A colleague at ACC and I have been conversing via a departmental Google+ site about the Tea Party and the positions of its members on social issues. We agree that Tea Party members are economic conservatives and that economic issues are most important to them; however, we disagree on whether Tea Party supporters are conservative on social issues (my position) or that many of them are liberal on social issues (and thus libertarians), which is his position. I am familiar with Abramowitz’s argument that Tea Party supporters are conservative on both economic and social issues and a similar finding by the Pew Center study, which states that “In addition to adopting a conservative approach to the economy, Tea Party supporters also tend to take socially conservative positions on abortion and same-sex marriage.”

My colleague did not provide the basis for his belief, but I subsequently found the following sources, which support his position. David Kirby and Emily Ekins wrote a report for the Cato Institute that claims that one-half of Tea Party supporters are libertarians. Emily Ekins had made a similar claim in an earlier working paper.  David Kirby had also collaborated with David Boaz on a Cato Policy Analysis that considered the voting behavior of libertarians. The Boaz and Kirby policy analysis also provides the framework for their typology of ideologies, which is from Maddox and Lilie’s Beyond Liberal and Conservative: Reassessing the Political Spectrum (1984), which greatly influenced my ideas about ideologies in the United States.

So, do these studies actually substantiate their claim that one-half of Tea Party supporters are libertarian ideologically (that is, economically conservative but socially liberal)?
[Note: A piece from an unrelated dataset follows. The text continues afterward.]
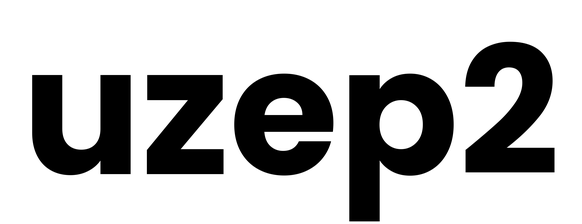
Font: Poppins-Bold

By their measure of what constitutes a libertarian, they come close to substantiating their claim. But the rub is that their measure of libertarianism is very lax. In fact, I would contend that because of their methodology, their results are flawed. Here’s what I mean. By definition, an ideology involves a set of consistent and interrelated attitudes on a particular public policy dimension. Thus, any measure of ideology should include several questions on a particular dimension of public policy. Maddox and Lilie, for example, used three questions relating to government’s economic role and three questions relating to government’s social role to determine a person’s ideology. In most of the surveys that Kirby and Ekins use, they consider only one question relating to the social role of government. How can consistency be demonstrated using only one question? Second, that one question is whether government has a role in promoting moral values or not. This question is highly abstract. In only one survey do they use a specific question about a social issue, and the so-called “liberal” response on same-sex relationships is whether civil unions—not marriage—should be permitted for same-sex couples. In American Grace: How Religion Divides and Unites Us, Putnam and Campbell note that two issues are most important to the Religious Right: abortion and same-sex marriage. These issues with whether one supports same-sex marriage and a women’s right to choose an abortion should have been used to determine whether there is a 50/50 split between libertarians and conservatives among Tea Party supporters. I contend that the so-called libertarians in the Tea Party are not really “liberal” on social issues; they are, by the most generous standards, somewhat less conservative on the social issues. Thus, they are not truly libertarian.

Thursday, March 7, 2013

On the Texas Republican "Nanny State"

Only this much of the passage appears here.